Return, from the data that follows, each line that holds the word "left".

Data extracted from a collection
▼

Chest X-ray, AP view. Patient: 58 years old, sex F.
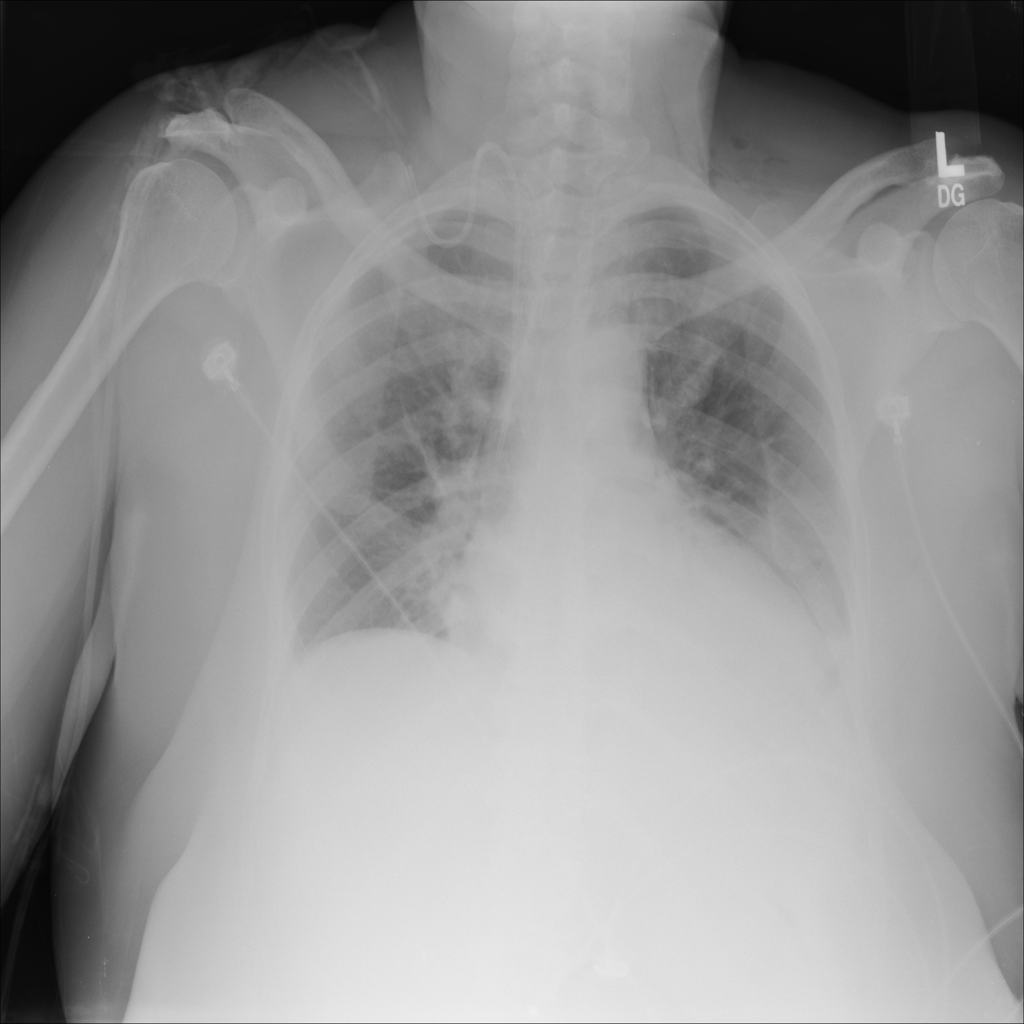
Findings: Atelectasis, Consolidation, Effusion, Emphysema, Infiltration
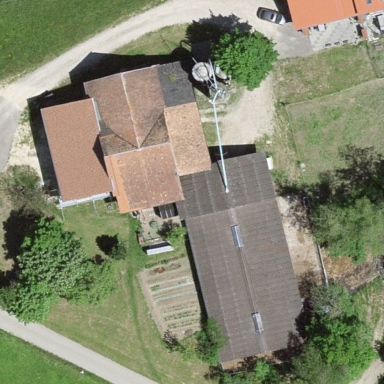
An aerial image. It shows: Farmyard area.
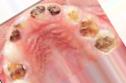
Condition: Caries
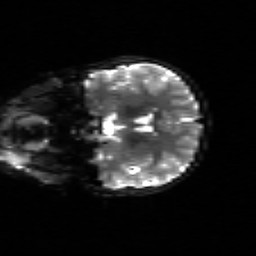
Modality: sbref
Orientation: coronal
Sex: female
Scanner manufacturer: siemens
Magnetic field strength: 3 T
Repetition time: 5 s
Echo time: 0.071 s
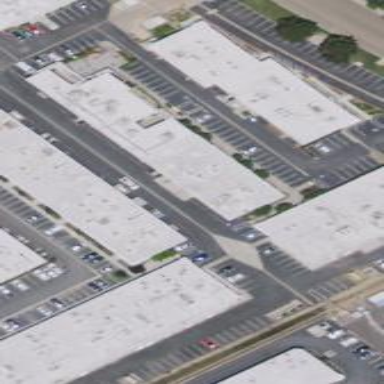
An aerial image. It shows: Industrial building.
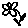
Label: flower
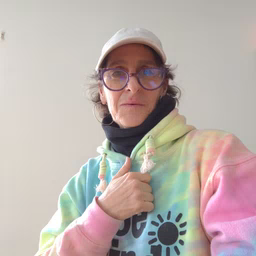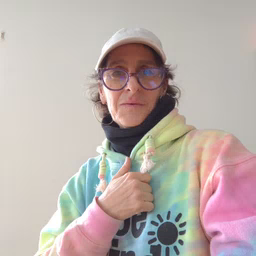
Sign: tomorrow
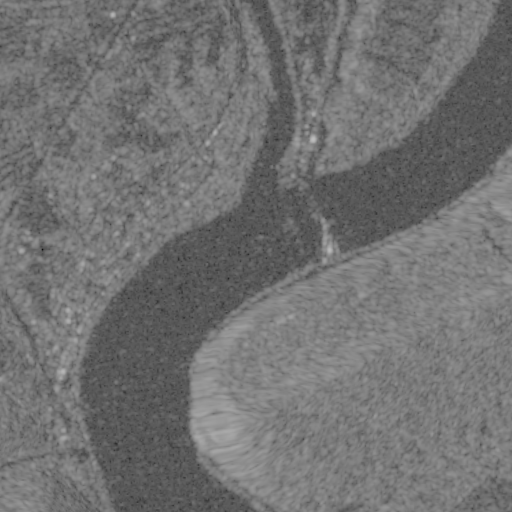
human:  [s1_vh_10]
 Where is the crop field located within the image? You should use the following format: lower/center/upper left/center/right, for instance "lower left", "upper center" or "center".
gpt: The crop field is located in the upper right of the image.
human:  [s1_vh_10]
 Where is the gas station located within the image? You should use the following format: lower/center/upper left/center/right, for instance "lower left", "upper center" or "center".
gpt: The gas station is located in the upper center of the image.
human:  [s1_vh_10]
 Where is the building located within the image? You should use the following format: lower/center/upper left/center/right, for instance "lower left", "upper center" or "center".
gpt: There is no building in the image.

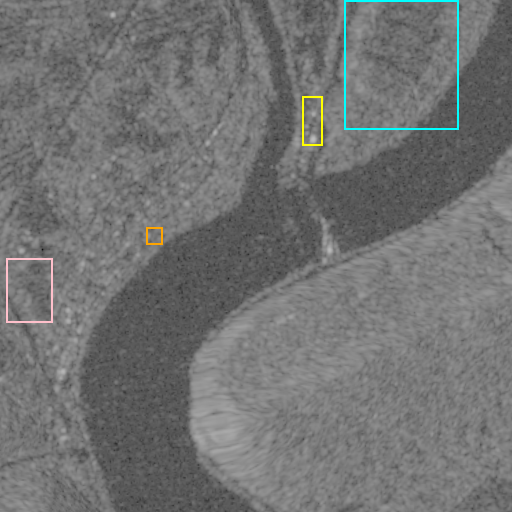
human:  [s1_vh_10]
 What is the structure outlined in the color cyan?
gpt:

▲

**REPLY TO THE EXERCISE**
 Where is the crop field located within the image? You should use the following format: lower/center/upper left/center/right, for instance "lower left", "upper center" or "center".
 Where is the gas station located within the image? You should use the following format: lower/center/upper left/center/right, for instance "lower left", "upper center" or "center".
 Where is the building located within the image? You should use the following format: lower/center/upper left/center/right, for instance "lower left", "upper center" or "center".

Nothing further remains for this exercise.